Kirkus Best Books of the 21st Century
The influential trade publication, Kirkus, has recently released an exciting list of their best books of the 21st century. We are thrilled to share the wonderful news—Levine Querido has proudly secured four remarkable titles on this distinguished list as well. In just five short years, LQ has remarkably positioned itself to be recognized as one of the leading publishers producing the absolute best children’s books out there in the market today.
Había una vez . . .
There lived a girl named Petra Peña, who wanted nothing more than to be a storyteller, like her abuelita.
But Petra’s world is ending. Earth has been destroyed by a comet, and only a few hundred scientists and their children — among them Petra and her family — have been chosen to journey to a new planet. They are the ones who must carry on the human race.
Hundreds of years later, Petra wakes to this new planet — and the discovery that she is the only person who remembers Earth. A sinister Collective has taken over the ship during its journey, bent on erasing the sins of humanity’s past. They have systematically purged the memories of all aboard — or purged them altogether.
Petra alone now carries the stories of our past, and with them, any hope for our future. Can she make them live again?
Newbery Medalist Donna Barba Higuera presents us with a brilliant journey through the stars, to the very heart of what makes us human.
A Texas teen comes face-to-face with a cousin’s ghost and vows to unmask the murderer.
Elatsoe—Ellie for short—lives in an alternate contemporary America shaped by the ancestral magics and knowledge of its Indigenous and immigrant groups. She can raise the spirits of dead animals—most importantly, her ghost dog Kirby.
When her beloved cousin dies, all signs point to a car crash, but his ghost tells her otherwise: He was murdered. Who killed him and how did he die?
With the help of her family, her best friend Jay, and the memory great, great, great, great, great, great grandmother, Elatsoe must track down the killer and unravel the mystery of this creepy town and its dark past. But will the nefarious townsfolk and a mysterious Doctor stop her before she gets started?
A breathtaking debut novel featuring an asexual, Apache teen protagonist, Elatsoe combines mystery, horror, noir, ancestral knowledge, haunting illustrations, and fantasy elements in one of the most-talked about debuts of the year.
A sprawling, evocative, and groundbreaking autobiographical novel told in the unforgettable and hilarious voice of a young Iranian refugee. It is a powerfully layered novel that poses the questions: Who owns the truth? Who speaks it? Who believes it?

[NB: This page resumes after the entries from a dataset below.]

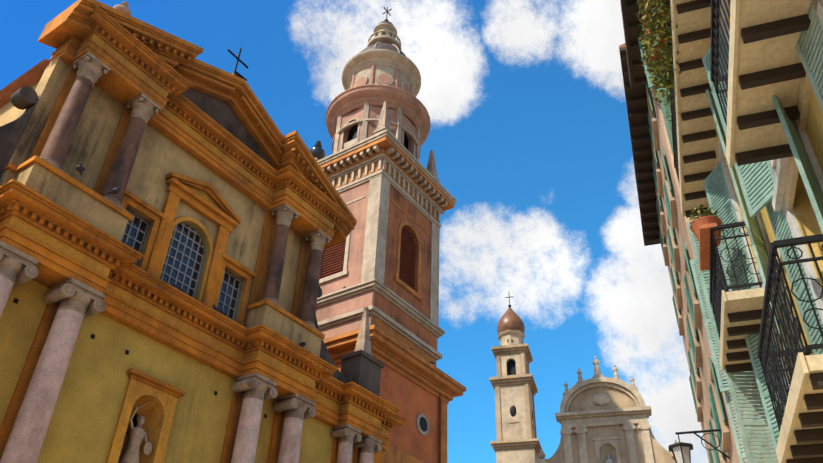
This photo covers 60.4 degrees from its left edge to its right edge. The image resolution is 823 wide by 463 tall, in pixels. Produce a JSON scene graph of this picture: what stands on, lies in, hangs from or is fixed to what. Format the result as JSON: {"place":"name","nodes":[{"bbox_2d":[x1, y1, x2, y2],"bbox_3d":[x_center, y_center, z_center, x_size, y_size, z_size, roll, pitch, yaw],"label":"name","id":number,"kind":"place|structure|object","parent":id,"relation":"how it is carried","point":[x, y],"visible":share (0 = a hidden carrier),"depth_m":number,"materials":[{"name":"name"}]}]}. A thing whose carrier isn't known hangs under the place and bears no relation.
{"place":"outdoors","nodes":[
{"label":"outdoors","id":0,"kind":"place"},
{"bbox_2d":[0,0,708,462],"label":"sky","id":1,"kind":"structure","parent":0,"point":[524,101],"materials":[{"name":"blue"}]},
{"bbox_2d":[619,0,822,462],"bbox_3d":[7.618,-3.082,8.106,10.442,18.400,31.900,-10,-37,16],"label":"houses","id":2,"kind":"structure","parent":0,"point":[724,102],"depth_m":8.99,"materials":[{"name":"beige paint"}]},
{"bbox_3d":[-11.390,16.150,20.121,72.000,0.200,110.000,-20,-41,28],"label":"square paving","id":3,"kind":"structure","parent":0,"visible":0},
{"bbox_2d":[0,0,406,462],"bbox_3d":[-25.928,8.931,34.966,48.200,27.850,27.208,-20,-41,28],"label":"basilica","id":4,"kind":"structure","parent":3,"relation":"on","point":[227,199],"depth_m":25.30,"materials":[{"name":"paint"}]},
{"bbox_2d":[118,401,151,462],"bbox_3d":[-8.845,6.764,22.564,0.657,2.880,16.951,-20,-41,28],"label":"niche statues","id":5,"kind":"object","parent":4,"relation":"attached to","point":[136,436],"visible":1,"depth_m":22.53,"materials":[{"name":"grey stone"}]},
{"bbox_2d":[13,298,266,418],"bbox_3d":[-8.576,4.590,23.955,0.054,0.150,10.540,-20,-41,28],"label":"wall holes","id":6,"kind":"object","parent":4,"relation":"attached to","point":[15,300],"visible":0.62,"depth_m":22.27,"materials":[{"name":"black"}]},
{"bbox_2d":[76,162,435,381],"bbox_3d":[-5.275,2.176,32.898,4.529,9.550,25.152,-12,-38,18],"label":"pigeons","id":7,"kind":"object","parent":4,"relation":"on","point":[80,168],"visible":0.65,"depth_m":24.58,"materials":[{"name":"grey"}]},
{"bbox_2d":[310,7,465,462],"bbox_3d":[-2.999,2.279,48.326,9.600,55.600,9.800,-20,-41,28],"label":"campanile","id":8,"kind":"structure","parent":3,"relation":"on","point":[381,262],"depth_m":46.00,"materials":[{"name":"paint"}]},
{"bbox_2d":[489,291,676,462],"bbox_3d":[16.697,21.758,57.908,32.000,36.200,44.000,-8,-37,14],"label":"church","id":9,"kind":"structure","parent":3,"relation":"on","point":[599,418],"depth_m":54.84,"materials":[{"name":"stone"}]},
{"bbox_2d":[564,356,634,462],"bbox_3d":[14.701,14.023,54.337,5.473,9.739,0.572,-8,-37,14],"label":"statues","id":10,"kind":"object","parent":9,"relation":"on","point":[596,363],"visible":0.88,"depth_m":56.23,"materials":[{"name":"beige stone"}]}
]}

“A patchwork story is the shame of the refugee,” Nayeri writes early in the novel. In an Oklahoman middle school, Khosrou (whom everyone calls Daniel) stands in front of a skeptical audience of classmates, telling the tales of his family’s history, stretching back years, decades, and centuries. At the core is Daniel’s story of how they became refugees—starting with his mother’s vocal embrace of Christianity in a country that made such a thing a capital offense, and continuing through their midnight flight from the secret police, bribing their way onto a plane-to-anywhere. Anywhere becomes the sad, cement refugee camps of Italy, and then finally asylum in the U.S.
Implementing a distinct literary style and challenging western narrative structures, Nayeri deftly weaves through stories of the long and beautiful history of his family in Iran, adding a richness of ancient tales and Persian folklore. Like Scheherazade of One Thousand and One Nights, Daniel spins a tale to save his own life: to stake his claim to the truth.

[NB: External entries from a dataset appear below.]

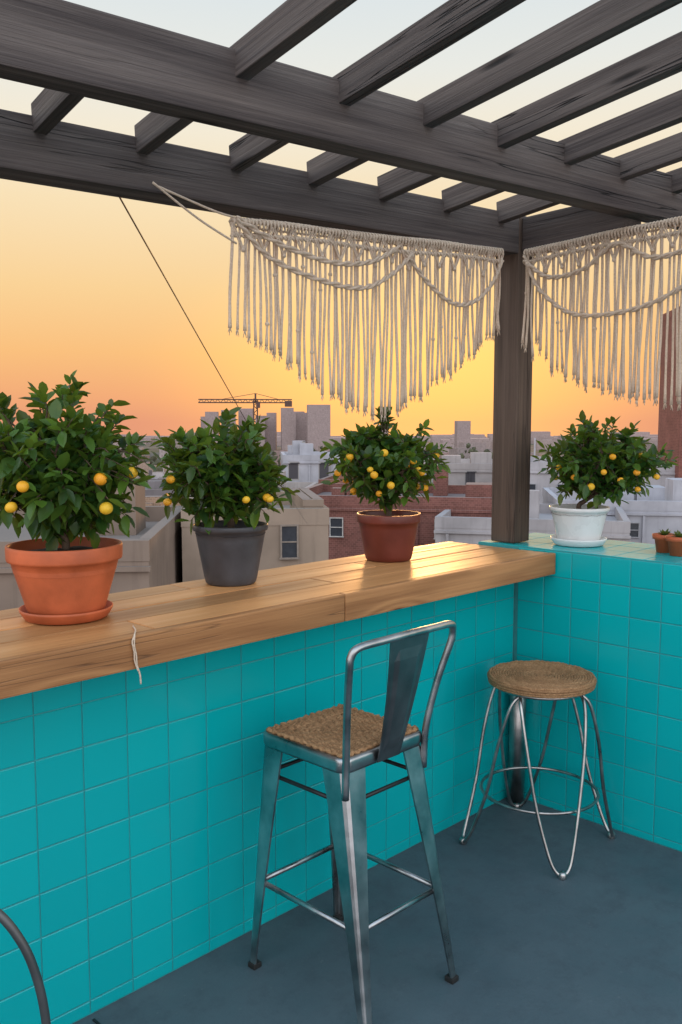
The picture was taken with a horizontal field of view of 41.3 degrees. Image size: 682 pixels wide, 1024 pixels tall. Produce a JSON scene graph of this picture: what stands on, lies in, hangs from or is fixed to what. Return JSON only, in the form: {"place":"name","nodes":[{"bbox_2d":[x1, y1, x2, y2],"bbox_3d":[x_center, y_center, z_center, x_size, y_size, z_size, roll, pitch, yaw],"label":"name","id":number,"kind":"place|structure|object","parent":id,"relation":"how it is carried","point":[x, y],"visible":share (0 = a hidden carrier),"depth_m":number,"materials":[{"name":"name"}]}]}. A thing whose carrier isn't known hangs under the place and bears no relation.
{"place":"outdoors","nodes":[
{"label":"outdoors","id":0,"kind":"place"},
{"bbox_2d":[0,0,681,436],"label":"sky","id":1,"kind":"structure","parent":0,"point":[81,289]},
{"bbox_2d":[139,442,563,459],"bbox_3d":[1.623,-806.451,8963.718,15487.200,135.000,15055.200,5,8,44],"label":"ground","id":2,"kind":"structure","parent":0,"point":[154,448],"depth_m":966.67,"materials":[{"name":"grey concrete"}]},
{"bbox_2d":[0,484,182,609],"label":"building","id":3,"kind":"structure","parent":2,"relation":"on","point":[152,551],"depth_m":23.67,"materials":[{"name":"beige concrete"}]},
{"bbox_2d":[135,462,169,474],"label":"building","id":4,"kind":"structure","parent":2,"relation":"on","point":[147,468],"depth_m":210.25,"materials":[{"name":"beige concrete"}]},
{"bbox_2d":[138,476,173,497],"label":"building","id":5,"kind":"structure","parent":2,"relation":"on","point":[154,485],"depth_m":65.55,"materials":[{"name":"grey concrete"}]},
{"bbox_2d":[152,468,164,474],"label":"building","id":6,"kind":"structure","parent":2,"relation":"on","point":[158,473],"depth_m":143.43,"materials":[{"name":"white concrete"}]},
{"bbox_2d":[152,465,168,478],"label":"building","id":7,"kind":"structure","parent":2,"relation":"on","point":[156,476],"depth_m":138.64,"materials":[{"name":"white concrete"}]},
{"bbox_2d":[145,496,180,505],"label":"building","id":8,"kind":"structure","parent":2,"relation":"on","point":[150,500],"depth_m":49.83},
{"bbox_2d":[159,445,178,457],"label":"building","id":9,"kind":"structure","parent":2,"relation":"on","point":[162,453],"depth_m":636.85,"materials":[{"name":"grey concrete"}]},
{"bbox_2d":[201,417,204,428],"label":"building","id":10,"kind":"structure","parent":2,"relation":"on","point":[202,423],"depth_m":1035.38,"materials":[{"name":"grey concrete"}]},
{"bbox_2d":[205,412,218,441],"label":"building","id":11,"kind":"structure","parent":2,"relation":"on","point":[209,418],"depth_m":994.67,"materials":[{"name":"grey concrete"}]},
{"bbox_2d":[221,410,235,431],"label":"building","id":12,"kind":"structure","parent":2,"relation":"on","point":[234,422],"depth_m":1005.40,"materials":[{"name":"grey concrete"}]},
{"bbox_2d":[198,393,291,442],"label":"tower crane","id":13,"kind":"object","parent":2,"relation":"on","point":[288,403],"visible":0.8,"depth_m":495.59,"materials":[{"name":"paint"}]},
{"bbox_2d":[238,408,252,425],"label":"building","id":14,"kind":"structure","parent":2,"relation":"on","point":[246,412],"depth_m":1024.22,"materials":[{"name":"grey concrete"}]},
{"bbox_2d":[181,491,328,581],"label":"building","id":15,"kind":"structure","parent":2,"relation":"on","point":[293,536],"depth_m":27.35,"materials":[{"name":"beige concrete"}]},
{"bbox_2d":[279,524,299,559],"bbox_3d":[-1.555,0.904,27.337,0.600,1.050,0.140,-1,6,-8],"label":"window","id":16,"kind":"structure","parent":15,"relation":"in","point":[289,534],"depth_m":27.35,"materials":[{"name":"grey glass"}]},
{"bbox_2d":[255,418,266,446],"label":"building","id":17,"kind":"structure","parent":2,"relation":"on","point":[264,434],"depth_m":977.02,"materials":[{"name":"grey concrete"}]},
{"bbox_2d":[266,413,276,449],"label":"building","id":18,"kind":"structure","parent":2,"relation":"on","point":[272,431],"depth_m":996.18,"materials":[{"name":"grey concrete"}]},
{"bbox_2d":[274,450,287,464],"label":"building","id":19,"kind":"structure","parent":2,"relation":"on","point":[278,452],"depth_m":448.65,"materials":[{"name":"grey concrete"}]},
{"bbox_2d":[281,408,293,449],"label":"building","id":20,"kind":"structure","parent":2,"relation":"on","point":[287,425],"depth_m":975.86,"materials":[{"name":"grey concrete"}]},
{"bbox_2d":[278,471,317,490],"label":"building","id":21,"kind":"structure","parent":2,"relation":"on","point":[297,484],"depth_m":63.62,"materials":[{"name":"white concrete"}]},
{"bbox_2d":[294,411,304,440],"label":"building","id":22,"kind":"structure","parent":2,"relation":"on","point":[295,412],"depth_m":1054.91,"materials":[{"name":"grey concrete"}]},
{"bbox_2d":[296,413,306,442],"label":"building","id":23,"kind":"structure","parent":2,"relation":"on","point":[301,426],"depth_m":995.61,"materials":[{"name":"grey concrete"}]},
{"bbox_2d":[290,488,323,507],"bbox_3d":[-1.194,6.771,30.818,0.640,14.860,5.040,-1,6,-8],"label":"building","id":24,"kind":"structure","parent":2,"relation":"on","point":[305,498],"depth_m":28.66,"materials":[{"name":"beige concrete"}]},
{"bbox_2d":[281,441,339,481],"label":"building","id":25,"kind":"structure","parent":2,"relation":"on","point":[303,461],"depth_m":77.99,"materials":[{"name":"white concrete"}]},
{"bbox_2d":[307,405,329,450],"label":"building","id":26,"kind":"structure","parent":2,"relation":"on","point":[318,424],"depth_m":955.64,"materials":[{"name":"grey concrete"}]},
{"bbox_2d":[318,475,419,483],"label":"building","id":27,"kind":"structure","parent":2,"relation":"on","point":[330,478],"depth_m":66.67,"materials":[{"name":"grey concrete"}]},
{"bbox_2d":[115,443,642,471],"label":"distant trees","id":28,"kind":"object","parent":2,"relation":"on","point":[153,460],"depth_m":266.67,"materials":[{"name":"green plant"}]},
{"bbox_2d":[116,431,657,443],"bbox_3d":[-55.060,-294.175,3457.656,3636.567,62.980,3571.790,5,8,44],"label":"distant city","id":29,"kind":"object","parent":2,"relation":"on","point":[541,435],"visible":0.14,"depth_m":1872.34},
{"bbox_2d":[307,465,491,559],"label":"building","id":30,"kind":"structure","parent":2,"relation":"on","point":[471,499],"depth_m":45.76,"materials":[{"name":"red brick"}]},
{"bbox_2d":[329,517,343,536],"bbox_3d":[-0.251,0.774,45.851,0.750,1.000,0.140,1,6,10],"label":"window","id":31,"kind":"structure","parent":30,"relation":"in","point":[335,523],"depth_m":45.86,"materials":[{"name":"grey glass"}]},
{"bbox_2d":[433,445,453,458],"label":"building","id":32,"kind":"structure","parent":2,"relation":"on","point":[446,449],"depth_m":577.07,"materials":[{"name":"grey concrete"}]},
{"bbox_2d":[440,440,453,444],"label":"building","id":33,"kind":"structure","parent":2,"relation":"on","point":[449,442],"depth_m":1488.83,"materials":[{"name":"grey concrete"}]},
{"bbox_2d":[424,452,491,484],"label":"building","id":34,"kind":"structure","parent":2,"relation":"on","point":[476,467],"depth_m":75.06,"materials":[{"name":"white concrete"}]},
{"bbox_2d":[454,421,470,447],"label":"building","id":35,"kind":"structure","parent":2,"relation":"on","point":[462,431],"depth_m":996.44,"materials":[{"name":"grey concrete"}]},
{"bbox_2d":[449,444,477,458],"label":"building","id":36,"kind":"structure","parent":2,"relation":"on","point":[455,451],"depth_m":435.68,"materials":[{"name":"grey concrete"}]},
{"bbox_2d":[459,442,485,448],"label":"building","id":37,"kind":"structure","parent":2,"relation":"on","point":[480,445],"depth_m":645.16,"materials":[{"name":"grey concrete"}]},
{"bbox_2d":[478,449,492,451],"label":"building","id":38,"kind":"structure","parent":2,"relation":"on","point":[482,450],"depth_m":489.02,"materials":[{"name":"grey concrete"}]},
{"bbox_2d":[482,440,492,448],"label":"building","id":39,"kind":"structure","parent":2,"relation":"on","point":[488,444],"depth_m":1084.65,"materials":[{"name":"grey concrete"}]},
{"bbox_2d":[434,490,630,544],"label":"building","id":40,"kind":"structure","parent":2,"relation":"on","point":[470,530],"depth_m":41.06,"materials":[{"name":"white concrete"}]},
{"bbox_2d":[533,440,555,449],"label":"building","id":41,"kind":"structure","parent":2,"relation":"on","point":[544,442],"depth_m":1020.26,"materials":[{"name":"grey concrete"}]},
{"bbox_2d":[530,438,674,503],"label":"building","id":42,"kind":"structure","parent":2,"relation":"on","point":[540,481],"depth_m":62.83,"materials":[{"name":"white concrete"}]},
{"bbox_2d":[530,483,535,489],"bbox_3d":[13.054,-1.437,63.057,1.150,1.100,0.140,1,6,10],"label":"window","id":43,"kind":"structure","parent":42,"relation":"in","point":[532,486],"depth_m":62.99,"materials":[{"name":"grey glass"}]},
{"bbox_2d":[542,478,681,543],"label":"building","id":44,"kind":"structure","parent":2,"relation":"on","point":[658,508],"depth_m":46.34,"materials":[{"name":"white concrete"}]},
{"bbox_2d":[630,522,639,537],"bbox_3d":[14.784,0.922,46.381,1.050,0.800,0.140,1,6,8],"label":"window","id":45,"kind":"structure","parent":44,"relation":"in","point":[635,526],"depth_m":46.36,"materials":[{"name":"grey glass"}]},
{"bbox_2d":[645,440,657,445],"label":"building","id":46,"kind":"structure","parent":2,"relation":"on","point":[652,441],"depth_m":847.66,"materials":[{"name":"grey concrete"}]},
{"bbox_2d":[647,443,657,450],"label":"building","id":47,"kind":"structure","parent":2,"relation":"on","point":[649,445],"depth_m":630.83,"materials":[{"name":"grey concrete"}]},
{"bbox_2d":[657,306,681,477],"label":"building","id":48,"kind":"structure","parent":2,"relation":"on","point":[669,427],"depth_m":62.83,"materials":[{"name":"red brick"}]},
{"bbox_3d":[0.725,11.797,0.610,6.800,20.100,7.200,5,8,44],"label":"terrace building","id":49,"kind":"object","parent":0,"visible":0},
{"bbox_2d":[73,797,681,1023],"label":"terrace floor","id":50,"kind":"structure","parent":49,"relation":"on","point":[595,937],"depth_m":2.76,"materials":[{"name":"grey concrete"}]},
{"bbox_2d":[0,909,50,1023],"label":"cafe chair","id":51,"kind":"object","parent":50,"relation":"on","point":[12,929],"visible":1,"depth_m":1.28,"materials":[{"name":"grey paint"}]},
{"bbox_2d":[0,583,513,1023],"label":"tiled parapet wall","id":52,"kind":"structure","parent":50,"relation":"on","point":[130,805],"depth_m":2.65,"materials":[{"name":"tile"}]},
{"bbox_2d":[0,541,555,698],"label":"bar counter","id":53,"kind":"object","parent":52,"relation":"on","point":[174,621],"visible":1,"depth_m":2.65,"materials":[{"name":"brown wood"}]},
{"bbox_2d":[0,370,155,624],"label":"potted citrus tree","id":54,"kind":"object","parent":53,"relation":"on","point":[62,481],"visible":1,"depth_m":2.34,"materials":[{"name":"green plant"}]},
{"bbox_2d":[132,625,141,683],"bbox_3d":[-0.518,0.360,2.294,0.022,0.131,0.117,-1,6,-12],"label":"loose string","id":55,"kind":"object","parent":53,"relation":"hanging from","point":[134,652],"visible":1,"depth_m":2.24,"materials":[{"name":"fabric"}]},
{"bbox_2d":[150,407,299,586],"bbox_3d":[-0.404,-0.053,2.957,0.508,0.576,0.490,5,8,44],"label":"potted citrus tree","id":56,"kind":"object","parent":53,"relation":"on","point":[235,474],"visible":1,"depth_m":2.88,"materials":[{"name":"green plant"}]},
{"bbox_2d":[320,406,452,562],"bbox_3d":[0.173,-0.112,3.466,0.505,0.592,0.511,-1,6,-5],"label":"potted citrus tree","id":57,"kind":"object","parent":53,"relation":"on","point":[387,469],"visible":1,"depth_m":3.38,"materials":[{"name":"green plant"}]},
{"bbox_2d":[248,620,458,1023],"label":"bar chair","id":58,"kind":"object","parent":50,"relation":"on","point":[344,745],"visible":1,"depth_m":2.50,"materials":[{"name":"metal"}]},
{"bbox_2d":[508,695,525,802],"bbox_3d":[0.740,0.927,3.799,0.068,0.596,0.068,5,8,44],"label":"corner pipe","id":59,"kind":"object","parent":50,"relation":"on","point":[516,778],"visible":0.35,"depth_m":3.78,"materials":[{"name":"metal"}]},
{"bbox_2d":[459,660,614,879],"bbox_3d":[0.755,0.935,3.443,0.454,0.659,0.454,5,7,40],"label":"round stool","id":60,"kind":"object","parent":50,"relation":"on","point":[554,682],"visible":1,"depth_m":3.35,"materials":[{"name":"metal"}]},
{"bbox_2d":[478,533,681,851],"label":"tiled parapet wall","id":61,"kind":"structure","parent":50,"relation":"on","point":[608,614],"depth_m":3.54,"materials":[{"name":"tile"}]},
{"bbox_2d":[0,0,681,542],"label":"pergola","id":62,"kind":"object","parent":61,"relation":"on","point":[68,56],"visible":0.91,"depth_m":2.60,"materials":[{"name":"grey wood"}]},
{"bbox_2d":[118,195,300,513],"bbox_3d":[-0.814,-0.309,14.248,0.005,3.605,22.783,0,6,-1],"label":"guy cable","id":63,"kind":"object","parent":62,"relation":"attached to","point":[175,296],"visible":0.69,"depth_m":3.67,"materials":[{"name":"metal"}]},
{"bbox_2d":[152,182,503,422],"bbox_3d":[0.044,-0.679,3.216,1.543,0.720,0.044,-4,7,-37],"label":"macrame hanging","id":64,"kind":"object","parent":62,"relation":"hanging from","point":[247,226],"visible":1,"depth_m":3.24,"materials":[{"name":"fabric"}]},
{"bbox_2d":[521,216,681,410],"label":"macrame hanging","id":65,"kind":"object","parent":62,"relation":"hanging from","point":[627,241],"visible":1,"depth_m":3.37,"materials":[{"name":"fabric"}]},
{"bbox_2d":[531,410,678,546],"bbox_3d":[1.107,-0.145,3.787,0.560,0.565,0.614,5,8,44],"label":"potted citrus tree","id":66,"kind":"object","parent":61,"relation":"on","point":[595,464],"visible":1,"depth_m":3.71,"materials":[{"name":"green plant"}]},
{"bbox_2d":[652,528,674,552],"bbox_3d":[1.286,0.112,3.597,0.094,0.094,0.094,5,8,44],"label":"plant pot","id":67,"kind":"object","parent":61,"relation":"on","point":[661,544],"visible":0.78,"depth_m":3.58,"materials":[{"name":"ceramic"}]},
{"bbox_2d":[665,530,681,555],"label":"plant pot","id":68,"kind":"object","parent":61,"relation":"on","point":[675,544],"visible":1,"depth_m":3.48,"materials":[{"name":"ceramic"}]}
]}

A tale of heartbreak and resilience and urges readers to speak their truth and be heard.
Debut graphic novel memoir by award-winning Illustrator, Agnes Lee, for fans of Harmony Becker, Molly Knox Ostertag, and Kate Beaton
Day 1
Gotta get up. Gotta keep moving. This map – it says I have to cross over here. Wait, what’s that…?

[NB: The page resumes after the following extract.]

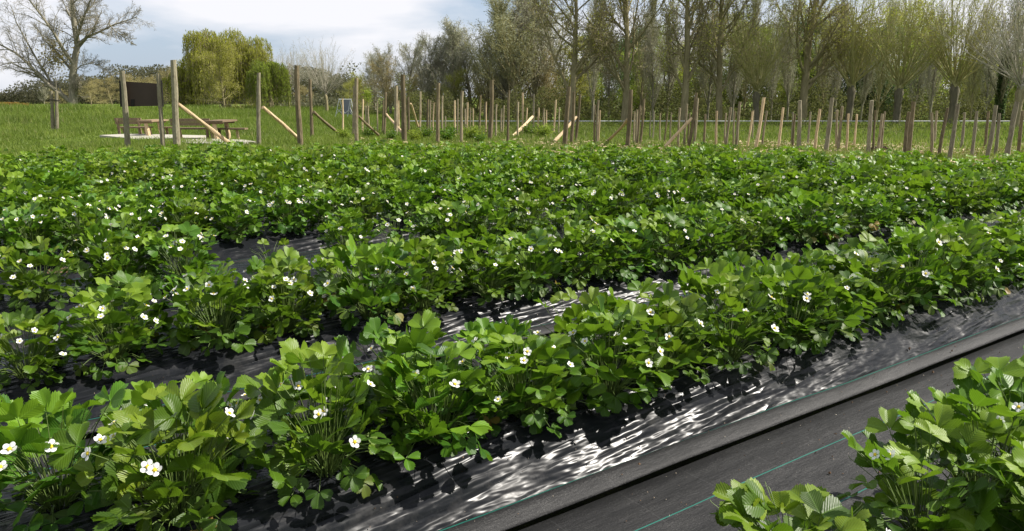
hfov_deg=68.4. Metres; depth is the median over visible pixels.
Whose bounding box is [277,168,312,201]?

And so begins a graphic novel story unlike any other: 49 Days. In Buddhist tradition, a person must travel for forty-nine days after they die, before they can fully cross over. Here in this book, readers travel with one Korean American girl, Kit, on her journey, while also spending time with her family and friends left behind.
Agnes Lee has captivated readers across the world for years with her illustrations for the New York Times Metropolitan Diary. Her debut graphic novel is an unforgettable story of death, grief, love, and how we keep moving forward.
P R A I S E
★ “49 Days is an unusual, profoundly moving graphic novel whose elegance belies its complexity and whose emotional impact only grows upon rereading.”
—BookPage (starred)
★ “A gorgeous, resonating, even mystical creation with little text, overflowing with unsaid feelings... Gently, nudgingly, Lee brilliantly intertwines the past, present, and future.”
—Booklist (starred)
★ “A moving portrayal of mortality and its aftermath.”
—Kirkus (starred)
“Middle and high school readers will relate to the universal experiences of love, loss, and family tradition.”
—School Library Journal
“Expressive, fluid…an exemplar of what it means to trust the audience.”